このnoteは、「安芸高田市応援!市政刷新ネットワークの誤りを正す通信」というブログに参加して、触発されたことをベースに書いている。
 このブログでは、石丸市長の議員対応について、特に話題にならなかったたので、私の方から出してみた。
 「会社もそうですが、政治も結果責任で、成果を出してなんぼです。
 議員が問題だ、何とかしようという問題提起は分かります。1年目は最初なので、人事評価査定はBでもいいと思います。2年目は、先に進めないといけませんが、相変わらず膠着状態では、査定Cだと思います。3年目になっても一向に解決しない。もうD査定だと思います」
 実際、noteの読者の会社でも同じ査定結果になるのではないか。この仕事ぶりに、SやAをつける会社はないのではないか。
■これにSやAを付けたら、こっちがD評価を受けてしまう
 ヤフコメなどを中心に、石丸市長の3年という長期間に及び、いまだに問題提起のみで、一向に進捗しない議員改革にS評価をつけている人がいる。
 どういう会社に勤めているのだろうか。こんな会社は、すぐにつぶれるから、転職先を考えた方がいい。
 私が勤めていたところでは、こんな仕事ぶりにSを付けたら、こっちがD評価を受けてしまい、私が飛ばされてしまう。
 普通の組織に勤め、普通の暮らしをしていれば、これが常識的な判断だろう。
■というか、実は企画書・計画書もない
 実は、それ以前に、議会改革の企画書・計画書もない。
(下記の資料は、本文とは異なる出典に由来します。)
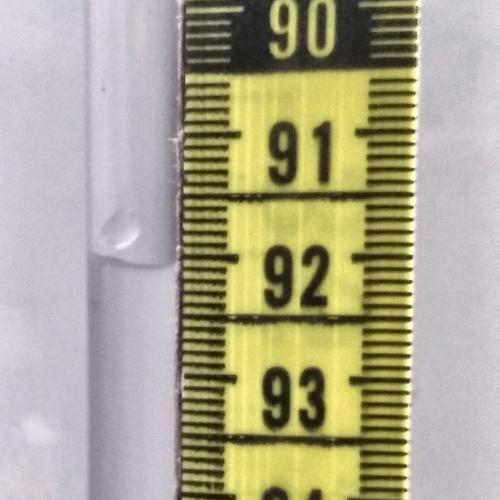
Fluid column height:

総合計画を見ても、個別計画を見ても、見つからない。
 だから1年次に何をやり、2年次に何をやり、完成年次はいつなのかがまったく分からない。
 この場合、D評価もできず、N評価ということになってしまう。
■会社と政治は違う?
 
私の投稿に対して、次のような反論があった
 「選挙によって評価が下る政治においては、任期での働きがどうだったか、が唯一の公的な評価手法ですので、民間を例にとるのは違うと思います」。
 でも、これは違う。4年に1度の選挙で評価を判断するのならば、自民党が選挙で勝てば、今話題のパーティ券のキックバック問題は、なかったことになる。
 むしろ逆で、会社ならば、期全体で利益を出せばいいが、政治はひとつ一つが結果責任である。 

4.市長と議会の関係はこのようにつくる・真鶴町長
■議員全員が押す候補に勝って町長になる
 昨年の11月12日、神奈川県真鶴町で、前の町長のリコール=解職請求の成立に伴う町長選挙が行われた。当選したのは、元横須賀市議会議員の小林伸行さんで、真鶴町の全議員が押す本命候補を破っての当選となった。
 安芸高田市の場合は、それでも市長派の議員がいるが、真鶴町では、町長の仲間の議員が全くいないところからの出発である。
■町の再建には議員の協力が必要・真っ先に議員との意見交換
 
壊れてしまった行政の再建には、議員、職員の全員の協力が必要になる。 
 この当選した新町長がまっさきに始めたのは、一人ひとりの議員と面談である。胸襟を開き、今までの対立していた議員と意見交換をする。相手を尊重し、水平な関係で、まちの課題を話し合う。
 相手は議員である。意見や立場は違っても、まちの課題を解決したいという点では一致する。そこから新しい協力関係が生まれてくる。
■町長は町役場のトップ、「町民代表の議会のほうが明らかに上」と宣言 
 
最初の町議会の冒頭で、新町長は次のような所信表明を行った。
 二元代表制について、「町役場のトップとして執行を担う町長よりも、それを監督する町民代表の議会のほうが、明らかに上」との考えを示した。
 これは第1回で書いた議員はCEO、町長はCOOという地方自治法の位置関係の表明である。
■町長はタウンマネージャー・議長は名誉職としての「メイヤー」
 
町長は、町長と議長の役割を次のように説明している。
 町長は、町役場の立て直しと政策反映といった実務に専念する「タウンマネージャーとしてのファシリテーター型リーダー」
 議長は、名誉職としての「メイヤー」の役割として、各種式典での祝辞など儀礼的な職務は議長に任せる。
真鶴町 町政立て直しへ「実務に専念」 小林町長が所信表明 | 小田原・箱根・湯河原・真鶴 | タウンニュース (townnews.co.jp)

■石丸市長とあまりに違いすぎる
 
石丸市長と比べると、理念の高さがあまりに違う。行動力が違いすぎる。経験の差というのもあるが、地方自治にかける思いの違いが、ぜんぜん違うからなのだろう。
 日ごろの活動も、町長日誌をみれば彼我の差は歴然である。要するに、どこに顔を向けて仕事をしているかの違いである。

5.この項のまとめ
 仮説の1(ひろゆき的立場を目指す)なら、あえて、議会を悪者・無能に仕立てて、地方議員が何たるかがよく分かっていないSNSの読み手を煽っている。
 仮説の2(本当に政策能力がない)なら、本当にどうしてよいか分からず、思いがけず、うまくいった成功体験=地方議員・悪の権化論にすがり、それを続けている。
 どちらなのかは、本人のみぞ知るである。
 ただ、いずれしにしても、市長が本来やるべき仕事(住民の福祉の実現)をやっていないということは、元応援団としても、否定しようがない。